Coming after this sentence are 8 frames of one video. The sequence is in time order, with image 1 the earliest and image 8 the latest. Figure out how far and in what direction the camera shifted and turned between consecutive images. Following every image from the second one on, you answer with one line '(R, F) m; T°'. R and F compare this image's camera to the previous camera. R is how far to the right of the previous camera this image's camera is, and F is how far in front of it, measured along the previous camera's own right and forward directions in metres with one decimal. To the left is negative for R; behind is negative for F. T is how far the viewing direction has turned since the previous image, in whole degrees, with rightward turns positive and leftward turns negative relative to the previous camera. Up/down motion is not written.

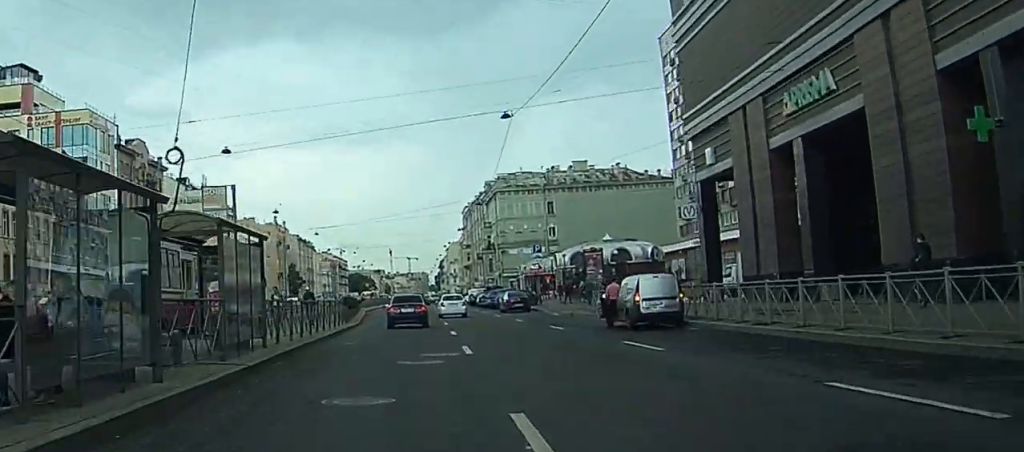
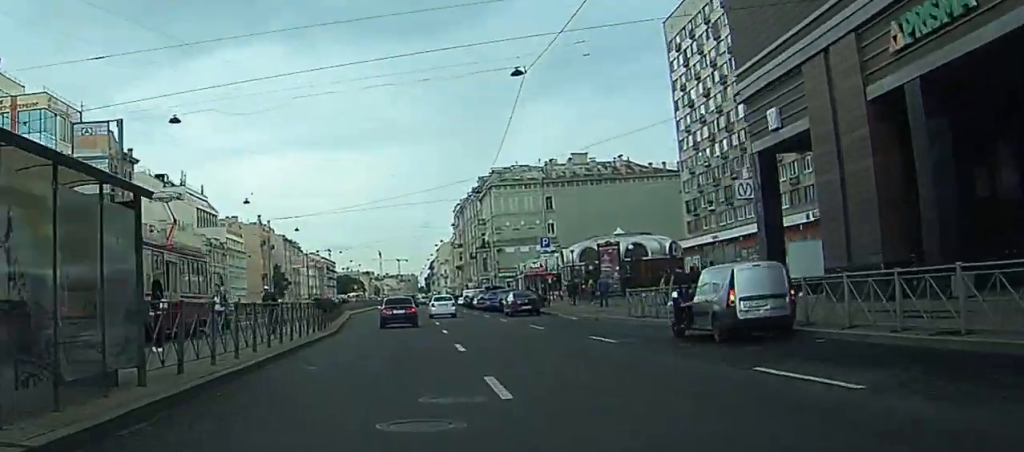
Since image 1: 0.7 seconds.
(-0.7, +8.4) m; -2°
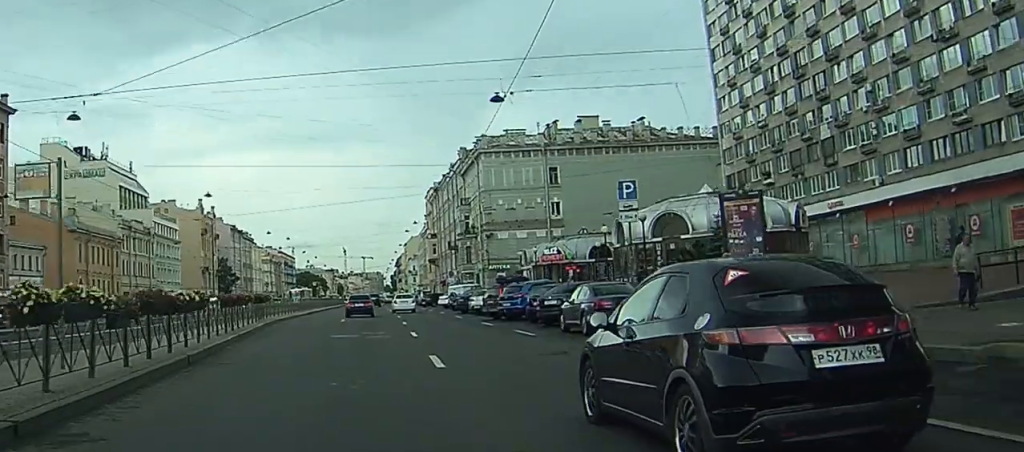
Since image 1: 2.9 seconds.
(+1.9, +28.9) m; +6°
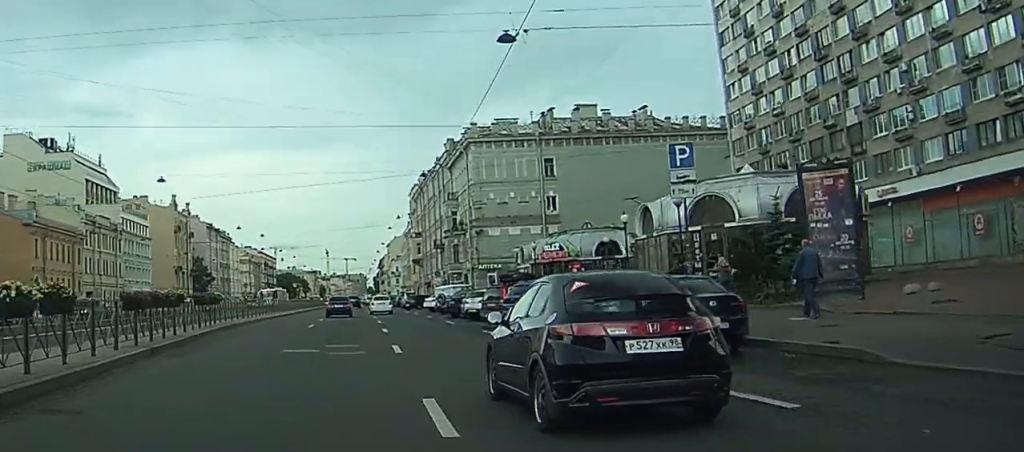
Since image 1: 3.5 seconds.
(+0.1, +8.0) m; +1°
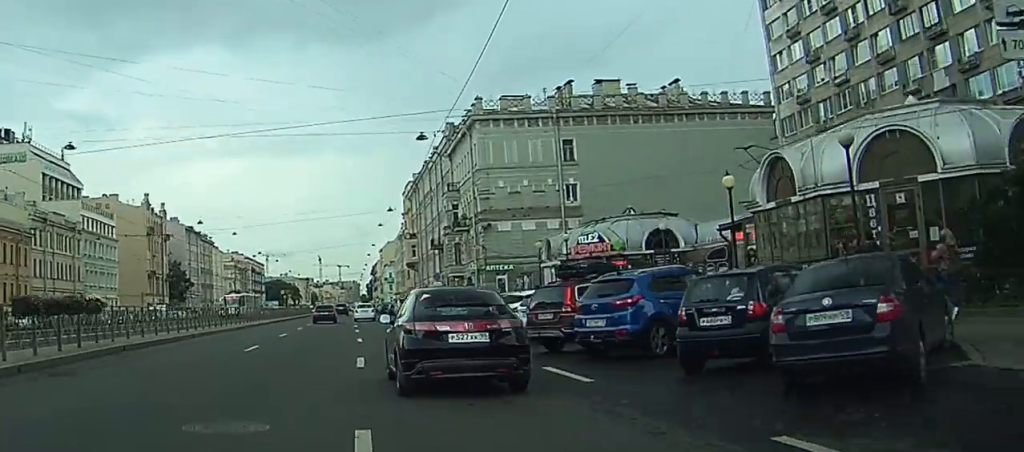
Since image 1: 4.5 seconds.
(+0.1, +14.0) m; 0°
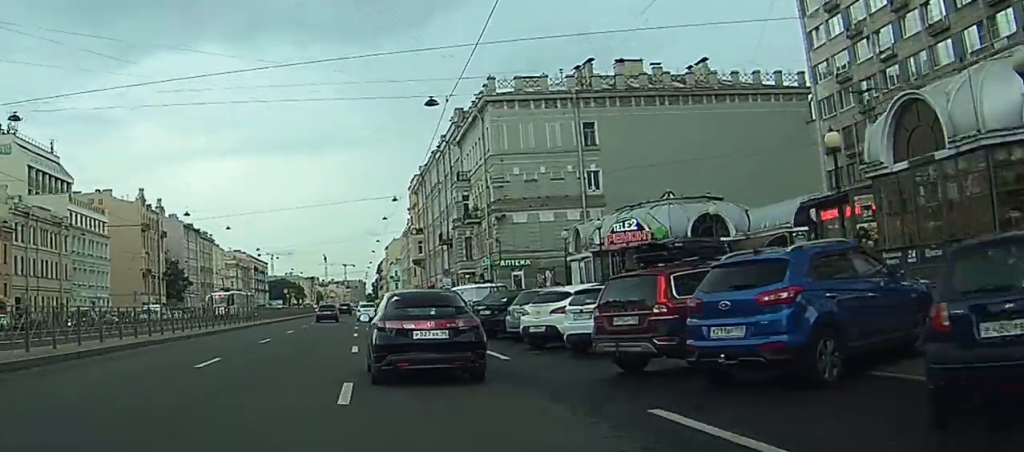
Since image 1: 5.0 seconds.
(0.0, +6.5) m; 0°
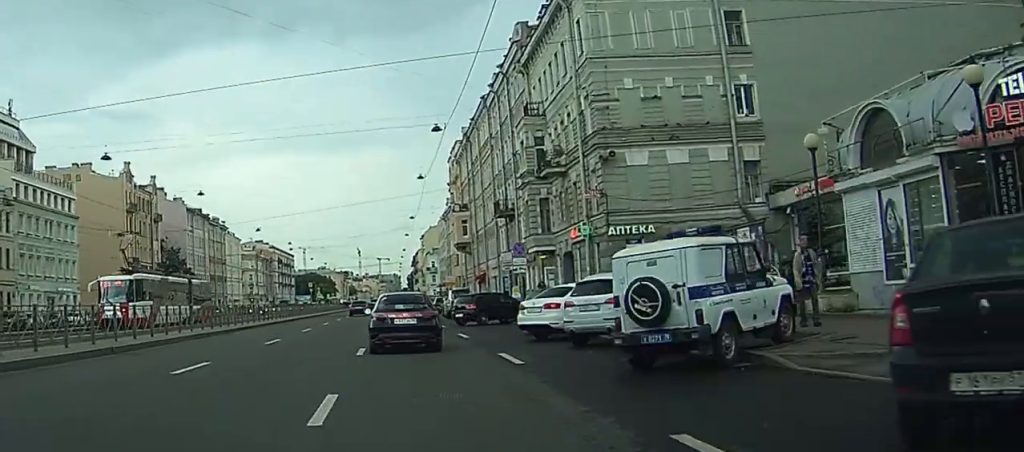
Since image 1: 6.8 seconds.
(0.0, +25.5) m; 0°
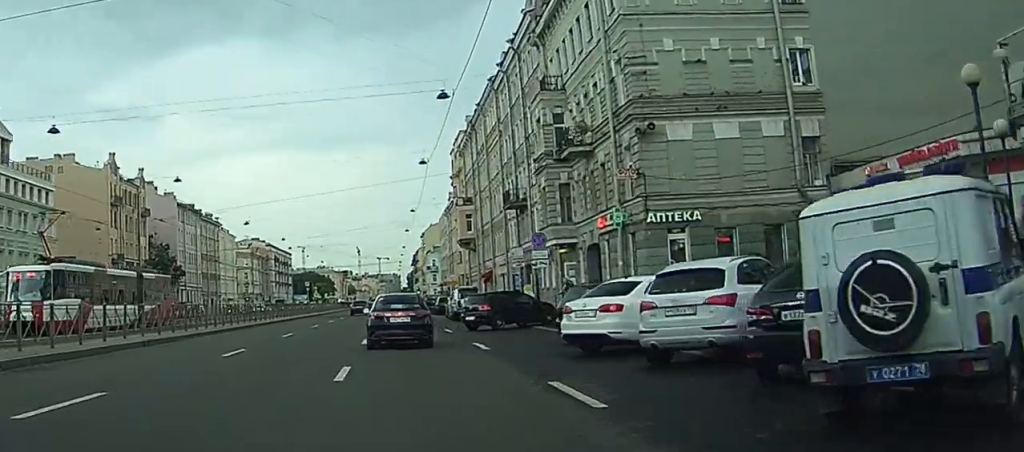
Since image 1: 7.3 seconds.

|---|

# YOUR OBJECTIVE:
The response should consist of the entries above, given again exactly and free of pictures.

# TASK OUTPUT:
Coming after this sentence are 8 frames of one video. The sequence is in time order, with image 1 the earliest and image 8 the latest. Figure out how far and in what direction the camera shifted and turned between consecutive images. Following every image from the second one on, you answer with one line '(R, F) m; T°'. R and F compare this image's camera to the previous camera. R is how far to the right of the previous camera this image's camera is, and F is how far in front of it, measured along the previous camera's own right and forward directions in metres with one decimal. To the left is negative for R; behind is negative for F. T is how far the viewing direction has turned since the previous image, in whole degrees, with rightward turns positive and leftward turns negative relative to the previous camera. Up/down motion is not written.

Since image 1: 0.7 seconds.
(-0.7, +8.4) m; -2°
Since image 1: 2.9 seconds.
(+1.9, +28.9) m; +6°
Since image 1: 3.5 seconds.
(+0.1, +8.0) m; +1°
Since image 1: 4.5 seconds.
(+0.1, +14.0) m; 0°
Since image 1: 5.0 seconds.
(0.0, +6.5) m; 0°
Since image 1: 6.8 seconds.
(0.0, +25.5) m; 0°
Since image 1: 7.3 seconds.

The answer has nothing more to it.